■ Work to be completed ■
For every record below, write out an exact copy.

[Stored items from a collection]

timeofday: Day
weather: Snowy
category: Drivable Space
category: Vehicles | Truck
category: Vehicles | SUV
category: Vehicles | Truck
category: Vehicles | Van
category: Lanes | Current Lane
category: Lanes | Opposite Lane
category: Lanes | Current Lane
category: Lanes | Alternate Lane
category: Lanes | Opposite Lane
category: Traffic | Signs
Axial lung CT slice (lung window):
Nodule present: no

■ Output for this exercise ■
timeofday: Day
weather: Snowy
category: Drivable Space
category: Vehicles | Truck
category: Vehicles | SUV
category: Vehicles | Truck
category: Vehicles | Van
category: Lanes | Current Lane
category: Lanes | Opposite Lane
category: Lanes | Current Lane
category: Lanes | Alternate Lane
category: Lanes | Opposite Lane
category: Traffic | Signs
Axial lung CT slice (lung window):
Nodule present: no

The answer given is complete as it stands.